But along the way, I had the chance to meet with many other electrophysiologists (we call them EP's) from the Chicago area - good guys all - each at the top of their "game," so to speak. We discussed the the future of our field: new ideas and innovations. And naturally, up came the subject of "robots" - specifically robotic assistance for catheter ablation - especially atrial fibrillation. Two main companies are in this space right now, Sterotaxis, that uses some big magnets to move a magnetic catheter in 3D space, and Hansen Medical that uses a motorized robotic sheath system to steer a catheter in 3D space (I blogged on this earlier). Here was the discussion that transpired:
"Yeah, we're going to have two new ones later this year."I mean, technology is so sexy, isnt it? Multiple computer screens, 3D graphics, joy sticks with multiple degrees of freedom and pre-designed programs, built on models, that move a stick in 3D space using cool whirring motors or magnets. I mean "pulling" the catheter where you want to go - what could be better?
"Our center is moving to some new labs and we'll have one, too."
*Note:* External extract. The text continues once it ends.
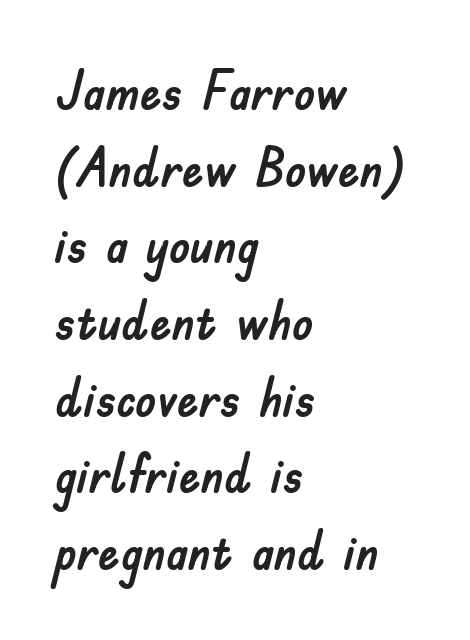
Is this a fixed-width face? No — the glyphs have proportional, varying widths. Are there feet on the stems? There aren't — it's a sans. Is the letter spacing exaggerated? No — it looks like the ordinary default. Honestly, the row spacing looks completely unremarkable.
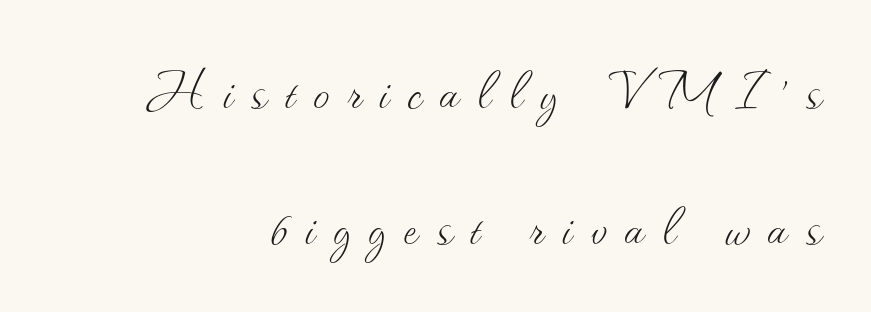
{"bold": "no", "weight": "thin", "width": "normal", "stroke_contrast": "medium", "x_height": "small", "monospaced": "no", "underline": "no", "align": "right", "line_spacing": "loose", "line_spacing_ratio": 2.06, "letter_spacing": "wide", "letter_spacing_em": 0.28, "glyph_px": 66}

"Is there any data to demonstrate efficacy with these devices?"
"Not in any prospective, randomized, multi-center way, no."
"Do you think these things will help?"
"I don't know. But it'll be cool to play with 'em. I'm looking forward to having an opportunity to really see the potential of this technology. Certainly, the hospital likes the marketing opportunities..."
"But do they work? I mean, for $1.5 million and a special non-magnetic room and all..."
"We'll have to see. Our center got one donated through a grateful patient, so our return on investment will be immediate via marketing. I mean, it's almost like you have to have it to say you're on the 'cutting edge.'"
"Why haven't there been any multi-center studies with these things?"
"Simple. They really don't want to do those studies. They're expensive. Why would a company want to spend the money to study them when centers are buying them anyway? Everyone wants to say they are on the 'forefront' of medicine, right?"
And I can sit down! No more hemorrhoids! No more swollen legs!
But realistically, each system has its limitations. I have already mentioned some of those seen with earlier iterations of the Sterotaxis system, and Hansen has been plagued by rumors of cardiac perforations.
In the old days of EP, catheter ablation defined itself by number of radiofrequency applications (less was better to minimize injury to the heart), procedure times, acute and long-term procedural success. Are ablation times shorter with robots, hmmm, haven't heard. Better outcomes? Nothing. I have heard about the "learning curve." One novice doctor noted it was hard to even move the catheter to the His bundle position with one of the systems when he tried since this location was not "pre-programmed."
And yet these devices are "approved" by our FDA. Deemed safe, effective by a 510(k) approval process that states:
A 510(k) is a premarket submission made to FDA to demonstrate that the device to be marketed is at least as safe and effective, that is, substantially equivalent, to a legally marketed device (21 CFR 807.92(a)(3)) that is not subject to PMA (pre-market approval). Submitters must compare their device to one or more similar legally marketed devices and make and support their substantial equivalency claims.Safe and effective perhaps for simple atrial flutter ablation, but atrial fibrillation? Really? How many cases were submitted to the FDA? Twenty?
Now I am no Luddite when it comes to all things technical. I love technology. And I certainly think that studying these devices to determine safety and efficacy should be done.
But I see a trend now where the amount of heart destroyed doesn't matter (some feel if enough ablation is performed, all afib will eventually cease - and they're probably right - but what about atrial transport?) Marketing, marketing, marketing of the latest, yet not necessarily the greatest robot, seems to be the norm. Science and the rigor required to determine efficacy and safety are squeezed by ever-tightening research budgets while companies are permitted to expand without demonstrating superiority, only equivalency.
And it all costs our patients (via the Medicare National Bank) millions and millions of dollars.
-Wes
Image reference.
5 comments:
i fully agree with you. i am in the process of building a new lab. i have budget for it, but was unconvinced that it is time to make the investment. we are building a room that will accomodate the technology in terms of size/space/weight, but have decided to wait a little while to see.
Might this not be similar to cruise control systems in cars in a way? There might not be studies of how one's pleasure is improved with having cruise control for long drives, but people still know of the benefit.
Of course this is a multi-million dollar investment, so your point is well taken that objectivity is important here.
I see I've got you hooked on the Medicare National Bank! I love it. Great take on this one. And as long as the MNB pays for it, people will buy them and future generations will pay for it.
Yeah, Happy, I'm a fan of your term, "MNB" - sorry I didn't acknowledge you - it captures the essential point here so well...
As for rumors about Hansen perforations, it is true. Check out Andrea Natale's presentations at HRS this week, and also the others which show procedure times just approaching manual. Not looking good for the Sensei, IMO.